■ WHAT YOU WILL DO
An exact copy of every entry below is required, and no picture may appear in it.

(Saved data entries)
━━━━━━━━━━━━━━━━

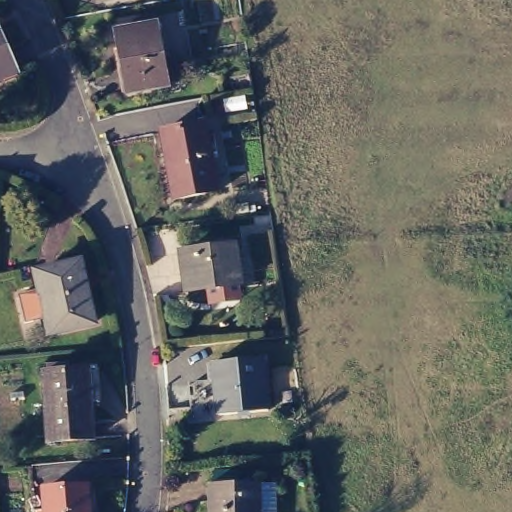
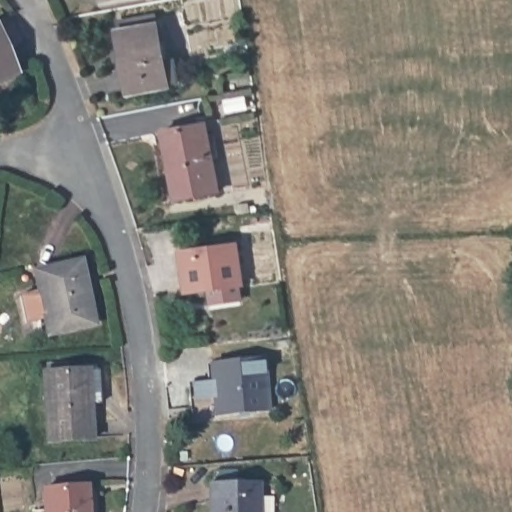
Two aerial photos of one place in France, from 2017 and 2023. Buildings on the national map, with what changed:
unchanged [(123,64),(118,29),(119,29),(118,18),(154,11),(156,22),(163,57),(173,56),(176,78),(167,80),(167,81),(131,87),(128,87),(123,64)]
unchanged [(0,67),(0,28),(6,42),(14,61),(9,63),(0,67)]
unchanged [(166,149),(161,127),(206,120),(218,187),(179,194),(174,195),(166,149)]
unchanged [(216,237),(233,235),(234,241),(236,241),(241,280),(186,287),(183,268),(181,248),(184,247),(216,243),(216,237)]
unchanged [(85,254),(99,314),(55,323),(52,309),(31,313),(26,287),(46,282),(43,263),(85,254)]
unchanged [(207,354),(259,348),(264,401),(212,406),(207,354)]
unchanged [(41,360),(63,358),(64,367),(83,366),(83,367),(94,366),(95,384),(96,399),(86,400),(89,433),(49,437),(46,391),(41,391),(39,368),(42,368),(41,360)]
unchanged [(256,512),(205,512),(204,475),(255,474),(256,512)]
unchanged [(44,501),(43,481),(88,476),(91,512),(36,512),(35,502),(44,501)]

━━━━━━━━━━━━━━━━

■ RESPONSE TO THE EXERCISE
Two aerial photos of one place in France, from 2017 and 2023. Buildings on the national map, with what changed:
unchanged [(123,64),(118,29),(119,29),(118,18),(154,11),(156,22),(163,57),(173,56),(176,78),(167,80),(167,81),(131,87),(128,87),(123,64)]
unchanged [(0,67),(0,28),(6,42),(14,61),(9,63),(0,67)]
unchanged [(166,149),(161,127),(206,120),(218,187),(179,194),(174,195),(166,149)]
unchanged [(216,237),(233,235),(234,241),(236,241),(241,280),(186,287),(183,268),(181,248),(184,247),(216,243),(216,237)]
unchanged [(85,254),(99,314),(55,323),(52,309),(31,313),(26,287),(46,282),(43,263),(85,254)]
unchanged [(207,354),(259,348),(264,401),(212,406),(207,354)]
unchanged [(41,360),(63,358),(64,367),(83,366),(83,367),(94,366),(95,384),(96,399),(86,400),(89,433),(49,437),(46,391),(41,391),(39,368),(42,368),(41,360)]
unchanged [(256,512),(205,512),(204,475),(255,474),(256,512)]
unchanged [(44,501),(43,481),(88,476),(91,512),(36,512),(35,502),(44,501)]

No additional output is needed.